(Exercise instructions) Below are the records. State how many of their lines contain "querySelectorAll", with nothing else.

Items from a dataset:
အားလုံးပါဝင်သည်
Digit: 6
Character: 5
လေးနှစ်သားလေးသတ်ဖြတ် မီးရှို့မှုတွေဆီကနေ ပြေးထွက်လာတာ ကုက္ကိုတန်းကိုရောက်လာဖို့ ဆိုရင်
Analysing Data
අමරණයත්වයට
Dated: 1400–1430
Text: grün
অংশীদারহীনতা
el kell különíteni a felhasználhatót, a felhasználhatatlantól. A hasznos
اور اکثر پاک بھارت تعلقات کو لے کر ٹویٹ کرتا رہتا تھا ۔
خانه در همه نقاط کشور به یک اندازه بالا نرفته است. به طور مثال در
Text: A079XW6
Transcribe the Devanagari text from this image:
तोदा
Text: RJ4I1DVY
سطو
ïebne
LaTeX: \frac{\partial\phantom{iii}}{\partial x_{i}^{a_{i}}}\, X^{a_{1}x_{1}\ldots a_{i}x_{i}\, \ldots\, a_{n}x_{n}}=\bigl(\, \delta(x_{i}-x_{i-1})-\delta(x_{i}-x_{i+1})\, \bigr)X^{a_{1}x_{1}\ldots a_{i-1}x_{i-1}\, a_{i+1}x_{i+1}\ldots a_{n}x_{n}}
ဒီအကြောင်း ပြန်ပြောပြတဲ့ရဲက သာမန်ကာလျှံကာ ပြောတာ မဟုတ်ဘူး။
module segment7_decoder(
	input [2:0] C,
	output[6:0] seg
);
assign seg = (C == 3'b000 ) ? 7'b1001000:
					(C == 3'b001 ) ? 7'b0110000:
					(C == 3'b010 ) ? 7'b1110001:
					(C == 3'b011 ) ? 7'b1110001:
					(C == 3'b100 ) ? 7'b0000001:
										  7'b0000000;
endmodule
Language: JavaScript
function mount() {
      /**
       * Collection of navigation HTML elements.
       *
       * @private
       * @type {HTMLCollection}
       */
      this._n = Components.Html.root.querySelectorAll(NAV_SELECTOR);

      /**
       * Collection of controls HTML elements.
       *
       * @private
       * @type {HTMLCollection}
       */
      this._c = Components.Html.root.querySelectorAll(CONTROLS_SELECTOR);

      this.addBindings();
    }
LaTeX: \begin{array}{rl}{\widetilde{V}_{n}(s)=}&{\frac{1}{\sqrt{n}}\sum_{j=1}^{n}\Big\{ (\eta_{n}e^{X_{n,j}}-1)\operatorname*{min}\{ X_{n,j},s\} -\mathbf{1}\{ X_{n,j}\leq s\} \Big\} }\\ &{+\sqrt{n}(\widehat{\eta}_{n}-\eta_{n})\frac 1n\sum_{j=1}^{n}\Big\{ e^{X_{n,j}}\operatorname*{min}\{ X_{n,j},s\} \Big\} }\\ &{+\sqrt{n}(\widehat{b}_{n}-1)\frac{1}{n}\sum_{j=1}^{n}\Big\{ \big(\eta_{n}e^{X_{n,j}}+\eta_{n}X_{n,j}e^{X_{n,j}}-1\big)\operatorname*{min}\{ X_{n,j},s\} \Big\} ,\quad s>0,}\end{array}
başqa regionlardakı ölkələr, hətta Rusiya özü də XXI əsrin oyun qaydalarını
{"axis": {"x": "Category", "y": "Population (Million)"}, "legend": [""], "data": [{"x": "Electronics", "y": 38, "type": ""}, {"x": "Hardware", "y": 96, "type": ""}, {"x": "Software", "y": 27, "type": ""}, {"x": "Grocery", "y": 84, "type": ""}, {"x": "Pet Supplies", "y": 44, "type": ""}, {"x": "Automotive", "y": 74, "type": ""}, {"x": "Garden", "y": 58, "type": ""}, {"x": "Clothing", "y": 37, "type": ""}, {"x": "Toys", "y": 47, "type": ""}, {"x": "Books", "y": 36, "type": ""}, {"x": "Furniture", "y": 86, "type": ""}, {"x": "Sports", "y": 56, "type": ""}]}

(Answer box) 2